The Labour Party in Scotland has upped the ante on climate change targets, outlining a plan to reduce emissions to net-zero by 2050.
The new target stands as a riposte to the Scottish Government, which set out its own ambitious emissions targets in May.
The government bill plans to raise the emissions target to 90 percent by 2050, up from the 80 percent UK-wide target first established by the Climate Change Act in 2008.
The 90 per cent target was seen as “at the limit of feasibility”, according to climate advisers, but was criticised in some quarters as not doing enough to meet the goals of the Paris Agreement.
Claudia Beamish, Labour’s shadow minister for climate change, said the draft bill was too timid.
“It is our duty to step up for global climate justice and Scottish Labour’s climate policy addresses these obligations while giving Scotland time to adapt for the workforce and communities,” she added.
Interim targets have also increased under Labour’s plan, from 66 per cent in the draft bill to 77 per cent by 2030.

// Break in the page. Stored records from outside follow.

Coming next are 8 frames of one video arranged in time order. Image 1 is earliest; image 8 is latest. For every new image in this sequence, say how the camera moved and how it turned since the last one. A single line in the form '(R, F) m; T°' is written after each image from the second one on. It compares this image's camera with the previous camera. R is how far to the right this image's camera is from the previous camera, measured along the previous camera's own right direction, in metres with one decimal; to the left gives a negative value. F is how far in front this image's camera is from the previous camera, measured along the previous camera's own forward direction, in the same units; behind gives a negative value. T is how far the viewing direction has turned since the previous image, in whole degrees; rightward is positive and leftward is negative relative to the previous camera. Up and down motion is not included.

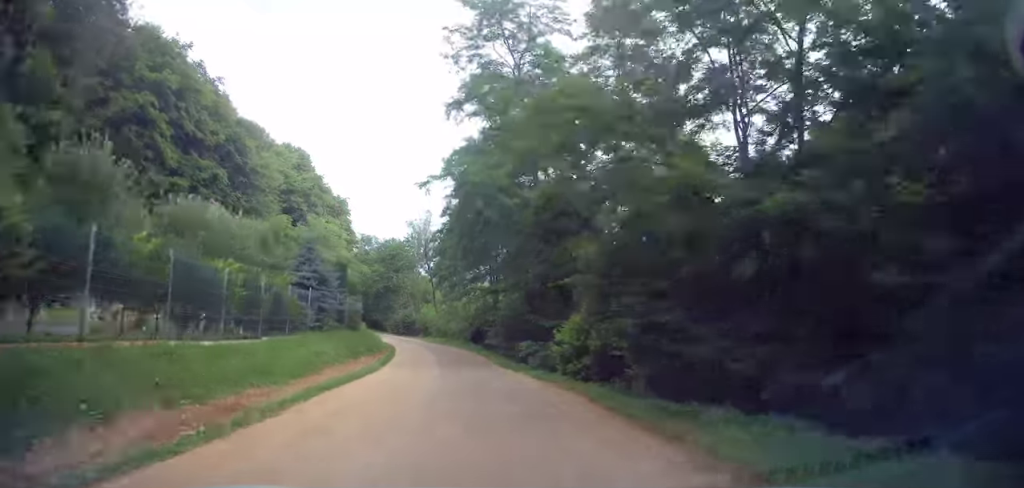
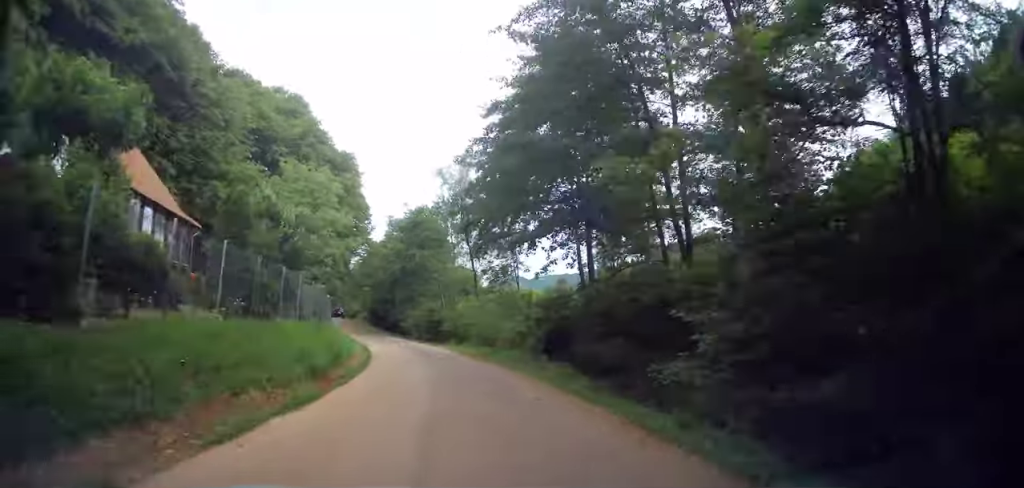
(-1.1, +24.6) m; -5°
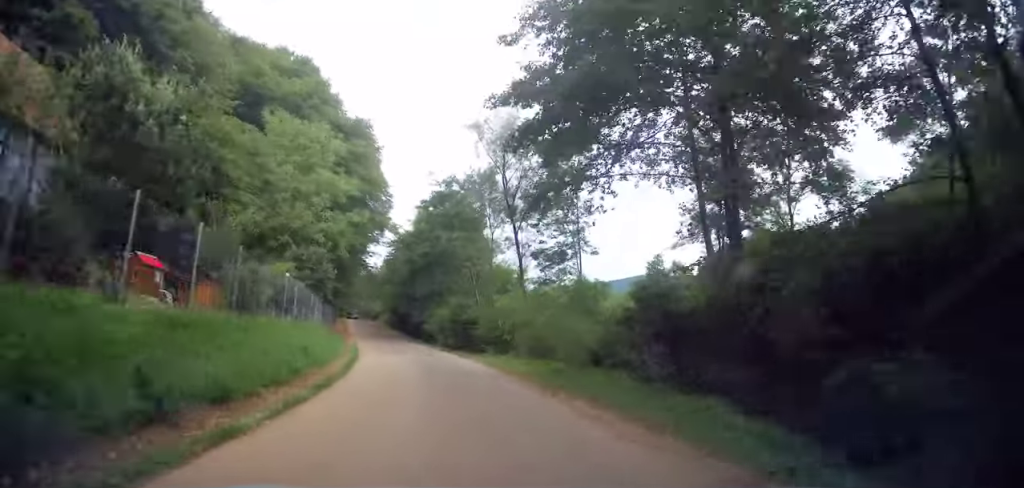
(-0.3, +11.6) m; -3°
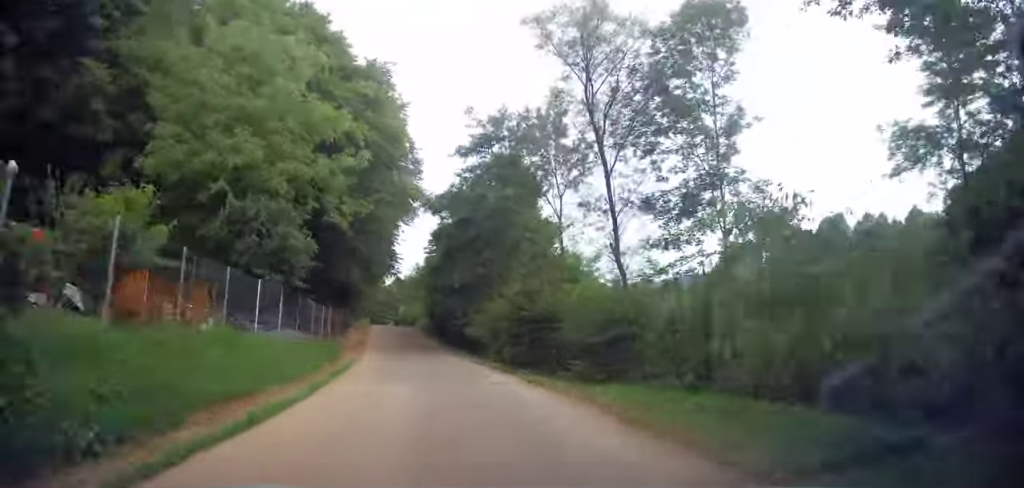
(-0.4, +13.2) m; -5°
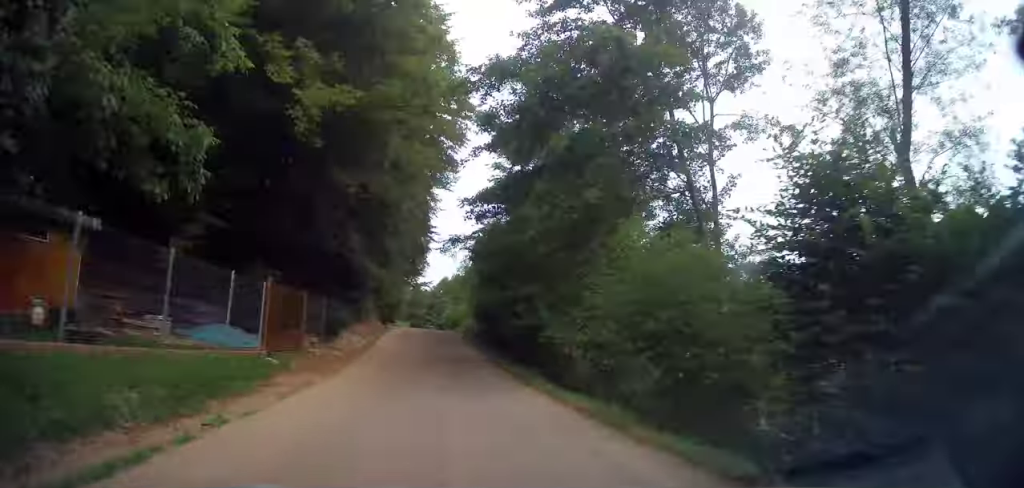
(-0.8, +14.0) m; -6°
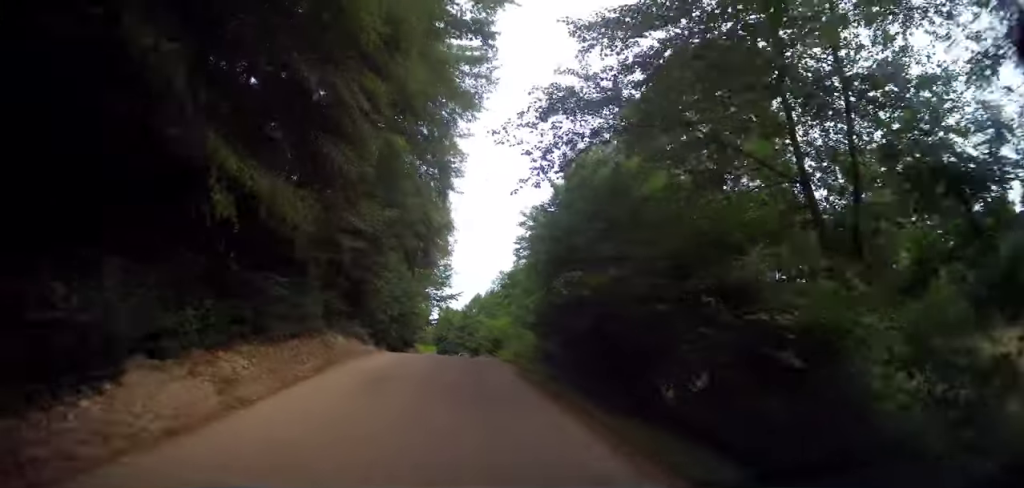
(-0.9, +16.5) m; -4°
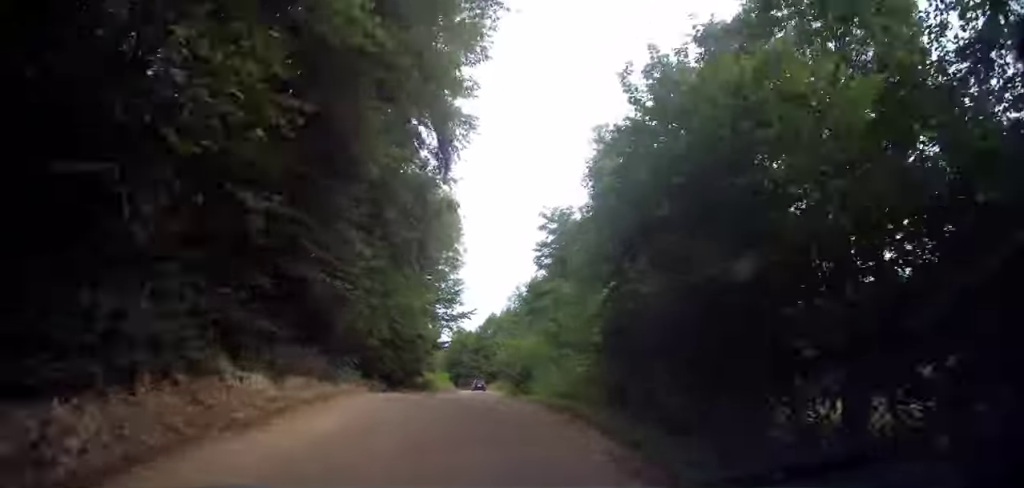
(+0.1, +8.4) m; -1°
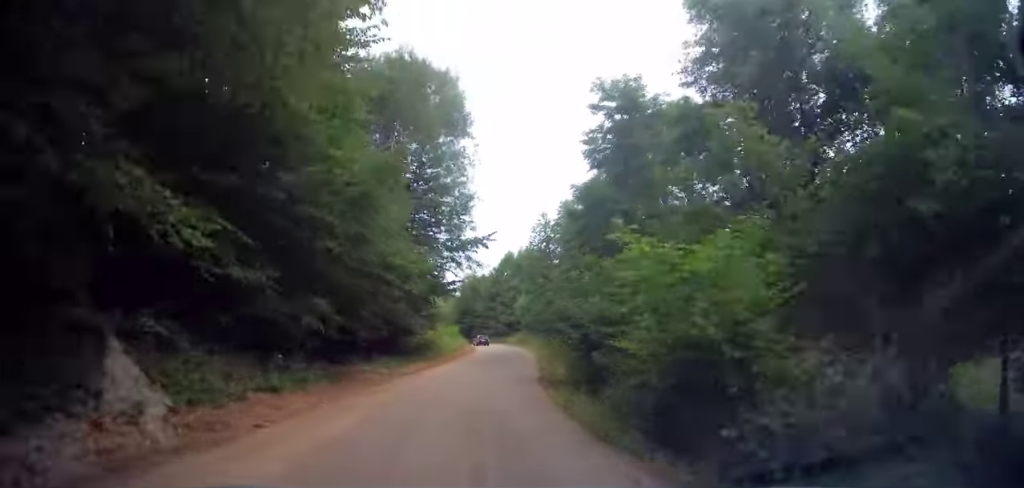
(-0.4, +17.4) m; 0°
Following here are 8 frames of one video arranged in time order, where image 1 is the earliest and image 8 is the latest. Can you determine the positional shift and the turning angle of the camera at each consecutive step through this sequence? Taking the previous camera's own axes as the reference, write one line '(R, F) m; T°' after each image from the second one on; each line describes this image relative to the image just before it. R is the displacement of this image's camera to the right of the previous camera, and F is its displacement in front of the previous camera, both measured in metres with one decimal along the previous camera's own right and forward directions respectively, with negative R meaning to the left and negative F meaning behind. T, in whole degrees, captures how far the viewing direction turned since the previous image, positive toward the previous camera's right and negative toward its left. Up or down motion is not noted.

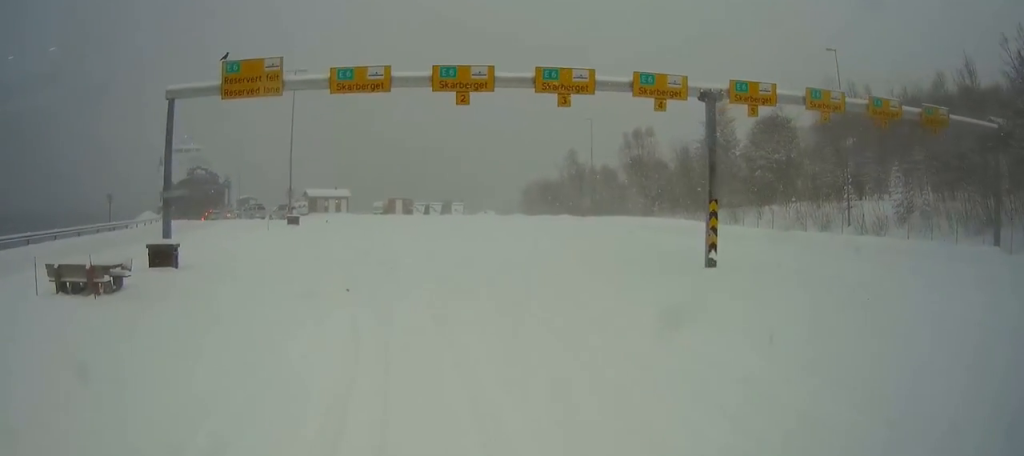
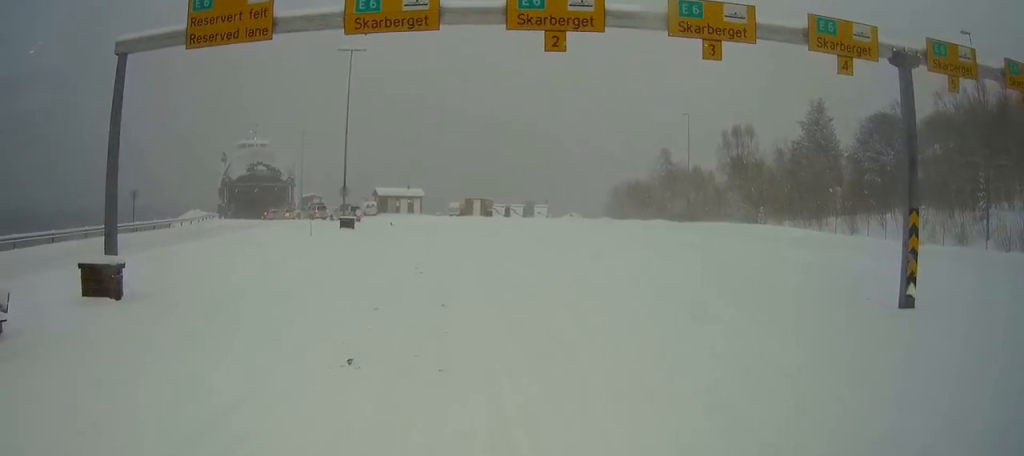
(-0.3, +7.1) m; -5°
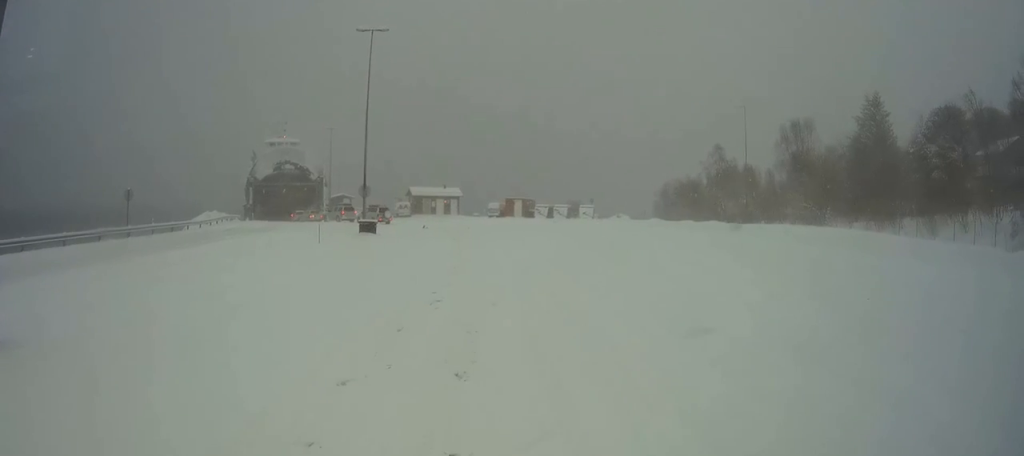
(-0.2, +5.7) m; -4°
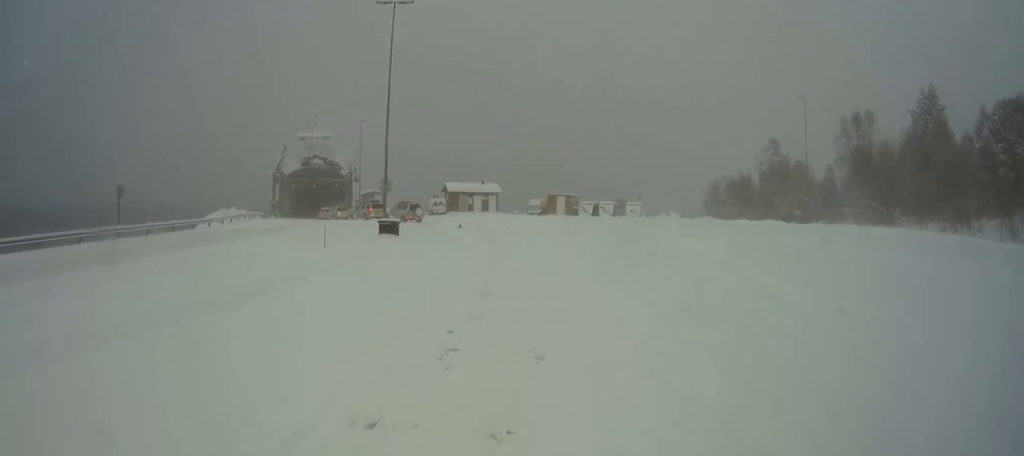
(-0.2, +5.4) m; -2°
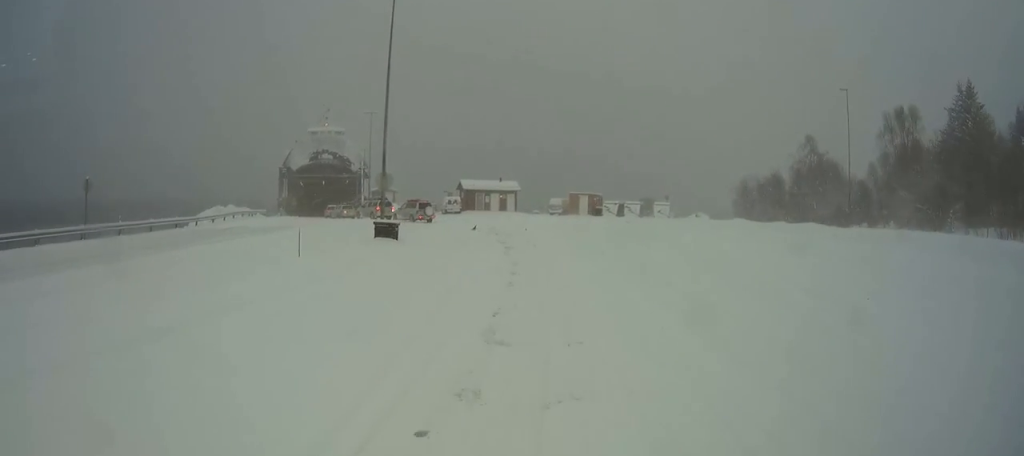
(+0.1, +5.3) m; 0°
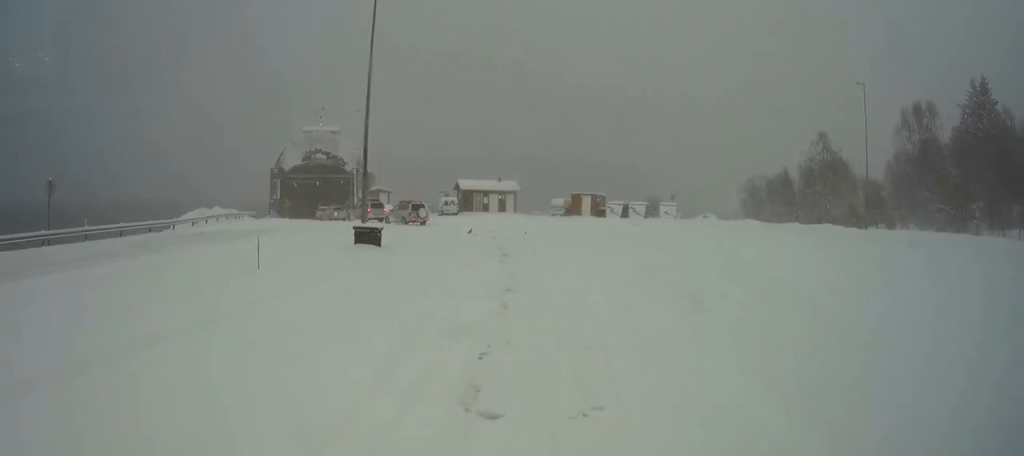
(-0.1, +3.4) m; -1°
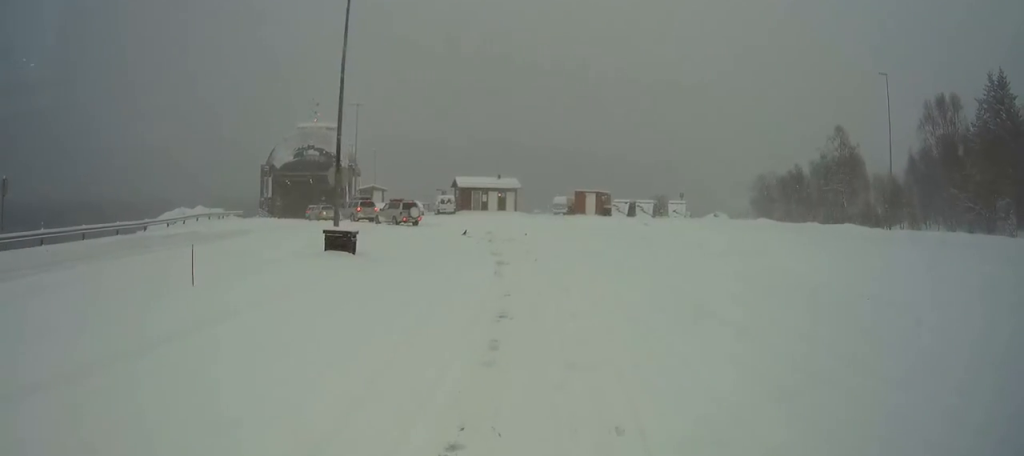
(0.0, +4.1) m; -1°
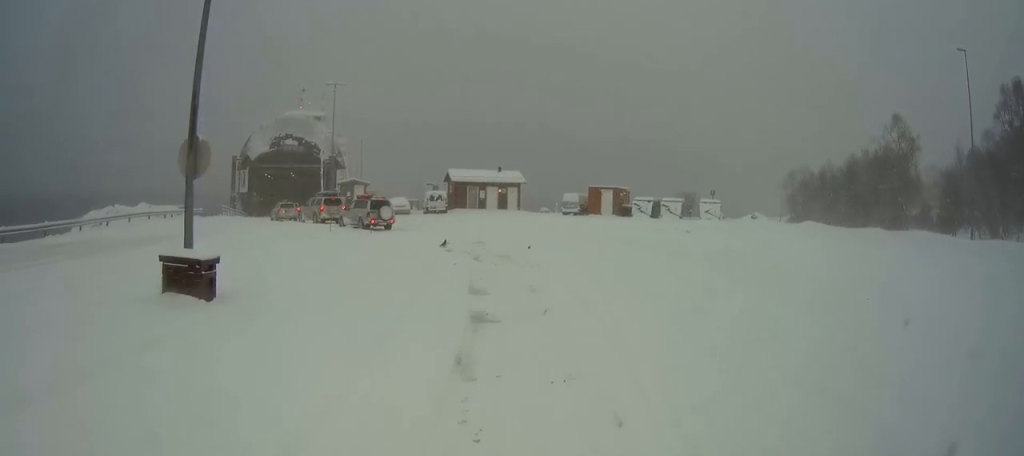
(-0.1, +11.3) m; -1°

Gina Hanrahan of Stop Climate Chaos said: “It’s great to see Scottish Labour back calls for the upcoming Climate Change Bill to include a target to end Scotland’s contribution to climate change by 2050 at the latest and increased action over the next decade. It’s now up to all parties in the Scottish Parliament to come together, as they did in 2009, to ensure we continue to be amongst the world leading nations in tackling climate change.
By 2015, Scotland had achieved a 38 per cent reduction on 1990 levels, meaning it was on course to reach its original target of 42 per cent by 2020. However, its draft targets increase this ambition to 56 per cent, piling on the pressure over the next two years.